## EXERCISE DIRECTIONS
The answer is one number. Say how many lines in the entries below include the word "Common".

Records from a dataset

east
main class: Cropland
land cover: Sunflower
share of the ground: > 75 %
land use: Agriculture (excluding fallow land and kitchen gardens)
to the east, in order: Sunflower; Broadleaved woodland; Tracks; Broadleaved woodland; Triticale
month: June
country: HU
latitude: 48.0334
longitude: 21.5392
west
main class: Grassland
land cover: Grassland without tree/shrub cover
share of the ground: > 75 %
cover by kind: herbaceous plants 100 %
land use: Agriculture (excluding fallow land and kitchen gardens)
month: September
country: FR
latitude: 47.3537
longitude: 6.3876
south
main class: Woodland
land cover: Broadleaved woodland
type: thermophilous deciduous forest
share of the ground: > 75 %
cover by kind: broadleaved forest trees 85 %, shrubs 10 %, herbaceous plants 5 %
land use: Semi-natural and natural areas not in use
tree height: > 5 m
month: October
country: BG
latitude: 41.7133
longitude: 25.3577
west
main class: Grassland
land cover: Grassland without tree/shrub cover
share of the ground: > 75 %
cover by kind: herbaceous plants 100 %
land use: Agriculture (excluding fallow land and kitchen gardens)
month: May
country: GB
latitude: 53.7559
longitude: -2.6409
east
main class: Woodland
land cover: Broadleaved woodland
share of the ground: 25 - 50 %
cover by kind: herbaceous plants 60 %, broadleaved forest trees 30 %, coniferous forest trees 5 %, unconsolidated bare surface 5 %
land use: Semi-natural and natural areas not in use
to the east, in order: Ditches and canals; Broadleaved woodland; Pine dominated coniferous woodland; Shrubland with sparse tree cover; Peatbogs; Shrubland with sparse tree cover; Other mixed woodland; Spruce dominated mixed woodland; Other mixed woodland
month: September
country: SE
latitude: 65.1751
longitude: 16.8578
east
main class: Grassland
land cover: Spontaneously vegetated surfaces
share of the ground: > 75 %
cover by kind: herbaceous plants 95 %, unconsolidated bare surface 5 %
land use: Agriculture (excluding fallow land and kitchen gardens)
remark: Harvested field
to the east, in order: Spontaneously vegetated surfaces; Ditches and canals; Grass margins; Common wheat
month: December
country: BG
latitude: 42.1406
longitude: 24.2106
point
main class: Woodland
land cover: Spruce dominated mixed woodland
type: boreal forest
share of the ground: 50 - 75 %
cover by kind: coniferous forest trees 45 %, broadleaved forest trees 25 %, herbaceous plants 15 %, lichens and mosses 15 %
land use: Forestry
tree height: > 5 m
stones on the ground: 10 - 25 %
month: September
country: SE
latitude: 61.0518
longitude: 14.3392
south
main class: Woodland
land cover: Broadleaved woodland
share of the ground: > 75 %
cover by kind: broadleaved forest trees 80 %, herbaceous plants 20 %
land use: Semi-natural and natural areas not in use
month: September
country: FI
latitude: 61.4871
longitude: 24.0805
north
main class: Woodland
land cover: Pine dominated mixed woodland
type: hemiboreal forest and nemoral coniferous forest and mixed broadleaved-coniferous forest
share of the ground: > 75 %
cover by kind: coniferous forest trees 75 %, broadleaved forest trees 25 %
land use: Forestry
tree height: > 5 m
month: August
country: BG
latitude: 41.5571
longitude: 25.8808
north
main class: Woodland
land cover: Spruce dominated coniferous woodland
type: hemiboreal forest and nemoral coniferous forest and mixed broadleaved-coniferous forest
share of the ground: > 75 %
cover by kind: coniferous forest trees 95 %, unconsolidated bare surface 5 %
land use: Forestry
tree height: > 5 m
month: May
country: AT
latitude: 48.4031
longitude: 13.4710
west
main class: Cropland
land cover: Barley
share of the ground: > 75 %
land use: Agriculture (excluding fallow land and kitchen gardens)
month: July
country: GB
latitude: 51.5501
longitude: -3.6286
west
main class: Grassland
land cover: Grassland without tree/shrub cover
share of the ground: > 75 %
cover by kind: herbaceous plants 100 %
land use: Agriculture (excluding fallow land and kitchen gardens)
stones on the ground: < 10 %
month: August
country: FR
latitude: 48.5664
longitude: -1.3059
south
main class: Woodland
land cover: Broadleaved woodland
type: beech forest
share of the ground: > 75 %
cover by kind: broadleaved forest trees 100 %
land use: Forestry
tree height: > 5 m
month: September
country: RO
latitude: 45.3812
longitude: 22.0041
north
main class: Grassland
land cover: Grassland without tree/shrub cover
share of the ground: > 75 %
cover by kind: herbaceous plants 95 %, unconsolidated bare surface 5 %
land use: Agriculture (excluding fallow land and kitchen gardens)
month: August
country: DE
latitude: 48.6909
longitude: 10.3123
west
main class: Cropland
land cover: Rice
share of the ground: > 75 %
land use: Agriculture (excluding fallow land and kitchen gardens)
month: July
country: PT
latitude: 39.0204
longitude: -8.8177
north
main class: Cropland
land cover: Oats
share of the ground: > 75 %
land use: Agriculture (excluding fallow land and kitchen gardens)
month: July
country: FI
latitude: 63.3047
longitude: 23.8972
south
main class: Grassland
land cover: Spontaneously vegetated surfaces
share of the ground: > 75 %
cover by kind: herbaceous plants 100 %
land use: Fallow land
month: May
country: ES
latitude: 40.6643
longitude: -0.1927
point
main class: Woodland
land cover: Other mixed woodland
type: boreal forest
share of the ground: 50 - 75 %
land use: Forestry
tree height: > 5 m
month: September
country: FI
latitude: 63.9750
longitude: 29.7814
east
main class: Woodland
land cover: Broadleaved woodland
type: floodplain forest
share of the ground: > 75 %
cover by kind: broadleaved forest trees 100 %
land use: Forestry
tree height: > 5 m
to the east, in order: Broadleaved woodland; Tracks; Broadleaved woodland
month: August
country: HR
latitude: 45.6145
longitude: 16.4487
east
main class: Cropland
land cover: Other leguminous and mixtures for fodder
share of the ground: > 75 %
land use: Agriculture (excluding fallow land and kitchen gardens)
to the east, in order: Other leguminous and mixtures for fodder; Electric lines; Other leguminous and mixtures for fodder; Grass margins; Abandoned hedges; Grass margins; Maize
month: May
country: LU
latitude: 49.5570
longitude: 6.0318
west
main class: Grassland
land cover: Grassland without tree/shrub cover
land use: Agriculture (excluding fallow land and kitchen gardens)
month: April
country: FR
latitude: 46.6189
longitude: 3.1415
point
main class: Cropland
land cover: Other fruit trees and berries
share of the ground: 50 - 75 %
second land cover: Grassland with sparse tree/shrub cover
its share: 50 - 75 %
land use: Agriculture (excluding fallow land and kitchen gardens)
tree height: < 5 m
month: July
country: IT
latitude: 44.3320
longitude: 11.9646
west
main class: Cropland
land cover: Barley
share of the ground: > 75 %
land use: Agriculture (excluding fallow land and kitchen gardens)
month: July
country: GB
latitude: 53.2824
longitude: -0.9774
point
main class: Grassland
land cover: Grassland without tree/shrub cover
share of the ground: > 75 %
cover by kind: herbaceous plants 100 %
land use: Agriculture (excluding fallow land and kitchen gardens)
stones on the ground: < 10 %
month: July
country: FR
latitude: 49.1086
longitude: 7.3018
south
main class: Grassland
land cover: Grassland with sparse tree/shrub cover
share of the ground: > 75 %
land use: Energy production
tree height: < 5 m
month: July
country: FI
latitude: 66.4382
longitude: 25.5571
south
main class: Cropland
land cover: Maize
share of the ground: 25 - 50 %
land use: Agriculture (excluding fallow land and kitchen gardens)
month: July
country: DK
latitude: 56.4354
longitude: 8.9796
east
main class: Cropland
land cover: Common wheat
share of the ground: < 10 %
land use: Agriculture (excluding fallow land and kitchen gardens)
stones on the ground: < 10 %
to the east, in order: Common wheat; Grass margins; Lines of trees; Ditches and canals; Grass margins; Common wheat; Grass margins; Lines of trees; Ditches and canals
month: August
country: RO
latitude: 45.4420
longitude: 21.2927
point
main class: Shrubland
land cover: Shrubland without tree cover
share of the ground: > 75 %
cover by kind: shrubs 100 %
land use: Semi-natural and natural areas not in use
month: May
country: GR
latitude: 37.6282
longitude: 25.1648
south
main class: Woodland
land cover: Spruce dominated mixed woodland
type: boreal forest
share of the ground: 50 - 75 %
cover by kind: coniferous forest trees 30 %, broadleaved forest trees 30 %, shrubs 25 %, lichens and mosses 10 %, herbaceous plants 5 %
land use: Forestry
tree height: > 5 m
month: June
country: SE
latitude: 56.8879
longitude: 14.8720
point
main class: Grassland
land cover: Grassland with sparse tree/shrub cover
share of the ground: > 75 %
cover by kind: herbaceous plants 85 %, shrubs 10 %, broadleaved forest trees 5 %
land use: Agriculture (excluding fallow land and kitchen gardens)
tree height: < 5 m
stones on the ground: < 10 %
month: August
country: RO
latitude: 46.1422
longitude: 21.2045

## TASK RESULT
3